How to use regular expressions of Python

2025-03-26 Update From: SLTechnology News&Howtos shulou NAV: SLTechnology News&Howtos > Development >

Share

Shulou(Shulou.com)06/02 Report--

This article focuses on "how to use regular expressions of Python". Interested friends may wish to have a look at it. The method introduced in this paper is simple, fast and practical. Let's let the editor take you to learn "how to use Python's regular expressions".

I. introduction of regular expressions

1. Why do you have to know regular expressions to learn crawlers?

Sometimes, when we crawl some specific content of a web page, we will find that when we only need part of the content of a tag on this page, or the value of an attribute of this tag, it is impossible to realize our idea with ordinary xpath or css.selector, so we must use regular expressions to match and get.

two。 Official introduction to regular expressions?

Regular expression, also known as regular expression. (English: Regular Expression, often abbreviated as regex, regexp or RE in code), a concept in computer science. Regular expressions are often used to retrieve and replace text that conforms to a certain pattern (rule).

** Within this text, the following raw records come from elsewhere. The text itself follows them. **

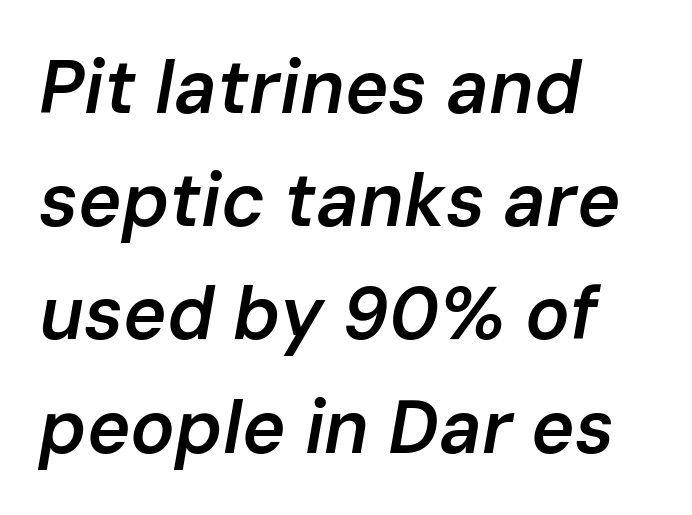
Q: Is the text bold? A: Semi-bold.
Q: Is the text italic (slanted)? A: Yes, it leans right by about 10 degrees.
Q: Is the text underlined? A: No.
Q: How is the paragraph aligned? A: Left-aligned.
Q: Is the spacing between letters normal or unusually wide? A: Normal.
Q: Is the spacing between lines tight, normal or loose? A: Normal.
Q: Width (condensed, normal, or wide)? A: Normal.
Q: Stroke contrast? A: Low.
Q: x-height? A: Medium.
Q: Monospaced? A: No.
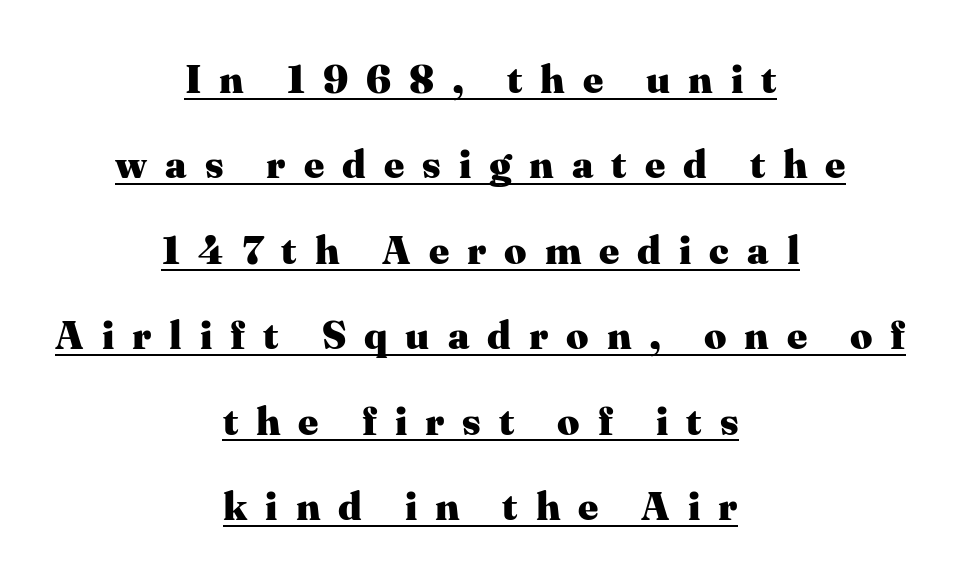
Q: Is the text bold? A: Yes.
Q: Is the text italic (slanted)? A: No, it is upright.
Q: Is the typeface a serif or a sans-serif typeface? A: Serif.
Q: Is the text underlined? A: Yes.
Q: How is the paragraph aligned? A: Centered.
Q: Is the spacing between letters normal or unusually wide? A: Unusually wide.
Q: Is the spacing between lines tight, normal or loose? A: Loose.
Q: Width (condensed, normal, or wide)? A: Normal.
Q: Stroke contrast? A: Medium.
Q: x-height? A: Medium.
Q: Monospaced? A: No.

Look at the code and memorize regular expressions while learning

Day01:

1 million dollars'

2author: minimalist XksA

3date: 2018.7.27

4goal: regular expression

5 years old'

six

7import re

eight

9line = 'jijianXksA123'

ten

1 match ^ a means to match a string that begins with a (match only once)

12#. Indicates that the character can be any character (matches only once)

1 characters * indicates that the preceding characters can appear any number of times (0 or more times) (multiple matches)

14reg_str01 ='^ j.string'# represents a string that begins with j

Inverse re.match function

The first parameter is the matching format

The second parameter is the string to match.

Return value: match successfully, return match object, otherwise return: None

nineteen

20if re.match (reg_str01,line):

21 print ("match succeeded!") # reg_str ='^ j.matches' match successfully

22else:

23 print ("match failed!") # reg_str ='^ I. match 'failed

twenty-four

twenty-five

2matches 23$ to match a string that ends in 23 (matches only once)

27reg_str02 ='^ j.room23 $'

28if re.match (reg_str02,line):

29 print ("match!") # reg_str ='^ j.room23 $'matched successfully

30else:

31 print ("match failed!") # reg_str ='^ j.matching 13 $'failed

thirty-two

thirty-three

34line01 = 'boooboaobxby'

The matching pattern in 3 matches () is the matching pattern, and the matching result can be obtained through the group function.

3The regular expression greedy matching pattern: start matching from the back (right)

37reg_str03 ='. * (B. roomb). *'

38test01 = re.match (reg_str03,line01)

39if test01:

40 print (test01.group (1)) # result: bxb

41else:

42 print ("match failed!")

forty-three

4 regular expression non-greedy matching pattern: match from the front (left)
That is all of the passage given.